Task goal ▸
Reproduce, word for word, all of the records; the pictures stay out.

Exercise inputs START

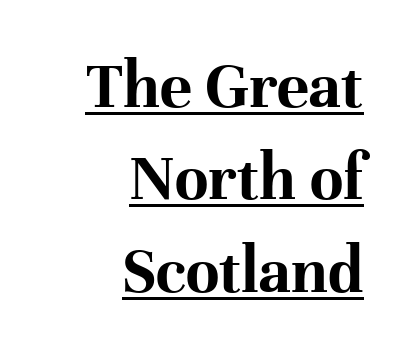
Q: Is the text bold? A: Yes.
Q: Is the text italic (slanted)? A: No, it is upright.
Q: Is the typeface a serif or a sans-serif typeface? A: Serif.
Q: Is the text underlined? A: Yes.
Q: How is the paragraph aligned? A: Right-aligned.
Q: Is the spacing between letters normal or unusually wide? A: Normal.
Q: Is the spacing between lines tight, normal or loose? A: Normal.
Q: Width (condensed, normal, or wide)? A: Normal.
Q: Stroke contrast? A: High.
Q: x-height? A: Medium.
Q: Monospaced? A: No.
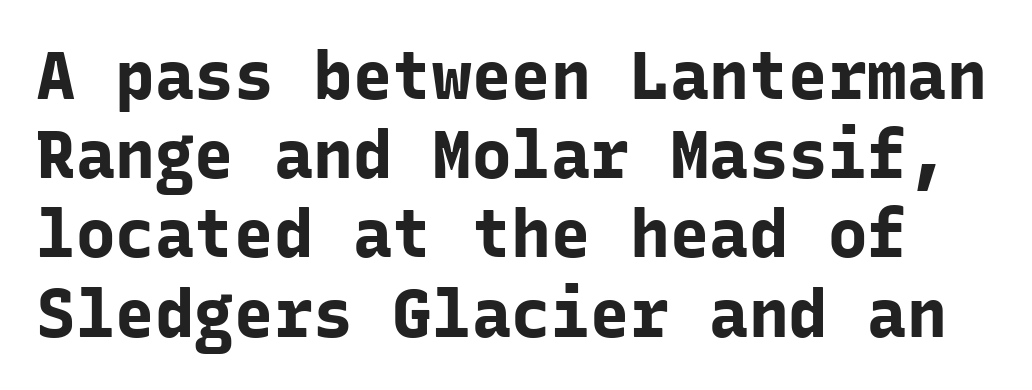
{"serif": "no", "italic": "no", "bold": "yes", "weight": "bold", "width": "normal", "stroke_contrast": "low", "x_height": "medium", "monospaced": "yes", "underline": "no", "line_spacing_ratio": 1.2, "letter_spacing": "normal", "letter_spacing_em": 0.0, "glyph_px": 66}
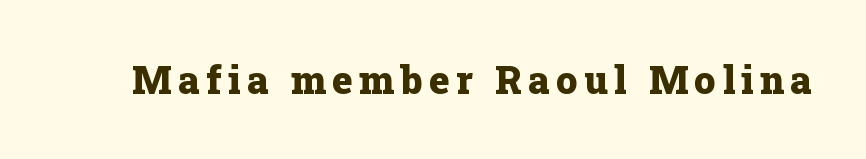
{"serif": "yes", "italic": "no", "bold": "yes", "weight": "heavy", "width": "normal", "stroke_contrast": "low", "x_height": "medium", "monospaced": "no", "underline": "no", "glyph_px": 38}
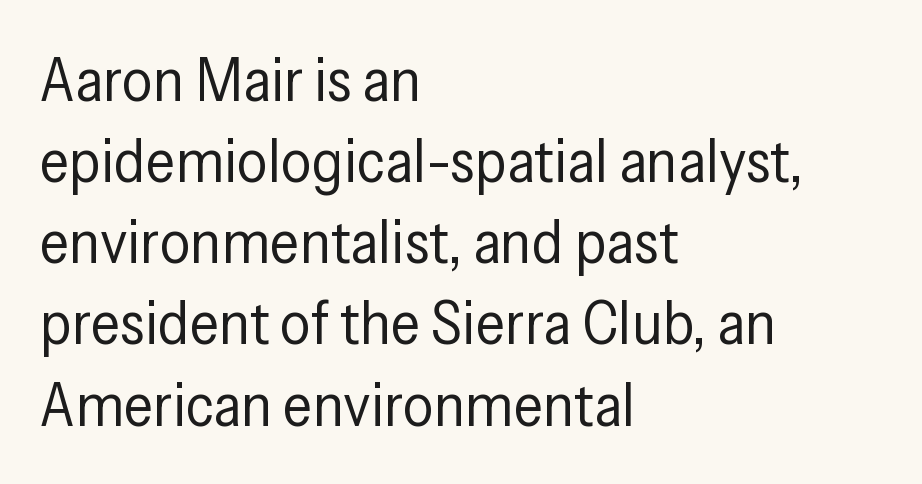
{"serif": "no", "italic": "no", "bold": "no", "weight": "regular", "width": "condensed", "stroke_contrast": "low", "x_height": "medium", "monospaced": "no", "underline": "no", "align": "left", "line_spacing": "normal", "line_spacing_ratio": 1.33, "letter_spacing": "normal", "letter_spacing_em": 0.0, "glyph_px": 61}
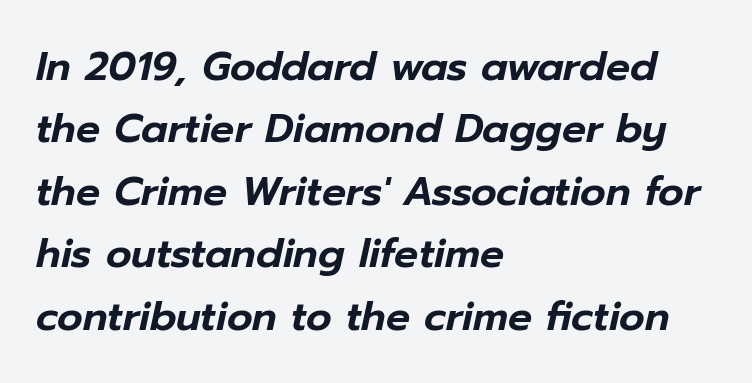
Proportional: the letters do not fall into vertical columns. This block has exactly the height ordinary leading produces. Tracking here is standard; glyphs follow each other at the usual distance. Is the block centered? No — it sits flush against the left margin. Any mark beneath the type? The region is blank. Italic? Definitely — the glyphs are oblique.
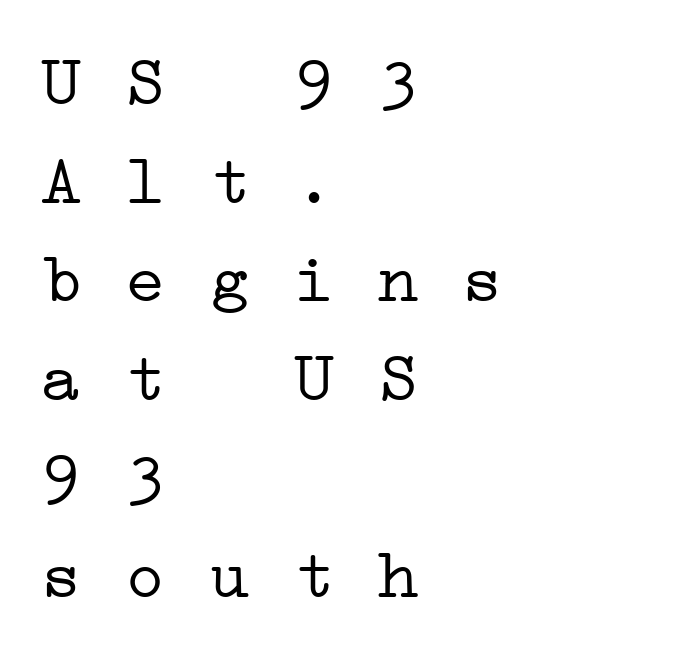
The image shows 70 px light, wide serif type, monospaced; set left-aligned, normal line spacing (1.41x), normal letter spacing, not underlined; low stroke contrast and a medium x-height.

Exercise inputs END

Result of the task ▸
Q: Is the text bold? A: Yes.
Q: Is the text italic (slanted)? A: No, it is upright.
Q: Is the typeface a serif or a sans-serif typeface? A: Serif.
Q: Is the text underlined? A: Yes.
Q: How is the paragraph aligned? A: Right-aligned.
Q: Is the spacing between letters normal or unusually wide? A: Normal.
Q: Is the spacing between lines tight, normal or loose? A: Normal.
Q: Width (condensed, normal, or wide)? A: Normal.
Q: Stroke contrast? A: High.
Q: x-height? A: Medium.
Q: Monospaced? A: No.
{"serif": "no", "italic": "no", "bold": "yes", "weight": "bold", "width": "normal", "stroke_contrast": "low", "x_height": "medium", "monospaced": "yes", "underline": "no", "line_spacing_ratio": 1.2, "letter_spacing": "normal", "letter_spacing_em": 0.0, "glyph_px": 66}
{"serif": "yes", "italic": "no", "bold": "yes", "weight": "heavy", "width": "normal", "stroke_contrast": "low", "x_height": "medium", "monospaced": "no", "underline": "no", "glyph_px": 38}
{"serif": "no", "italic": "no", "bold": "no", "weight": "regular", "width": "condensed", "stroke_contrast": "low", "x_height": "medium", "monospaced": "no", "underline": "no", "align": "left", "line_spacing": "normal", "line_spacing_ratio": 1.33, "letter_spacing": "normal", "letter_spacing_em": 0.0, "glyph_px": 61}
Proportional: the letters do not fall into vertical columns. This block has exactly the height ordinary leading produces. Tracking here is standard; glyphs follow each other at the usual distance. Is the block centered? No — it sits flush against the left margin. Any mark beneath the type? The region is blank. Italic? Definitely — the glyphs are oblique.
The image shows 70 px light, wide serif type, monospaced; set left-aligned, normal line spacing (1.41x), normal letter spacing, not underlined; low stroke contrast and a medium x-height.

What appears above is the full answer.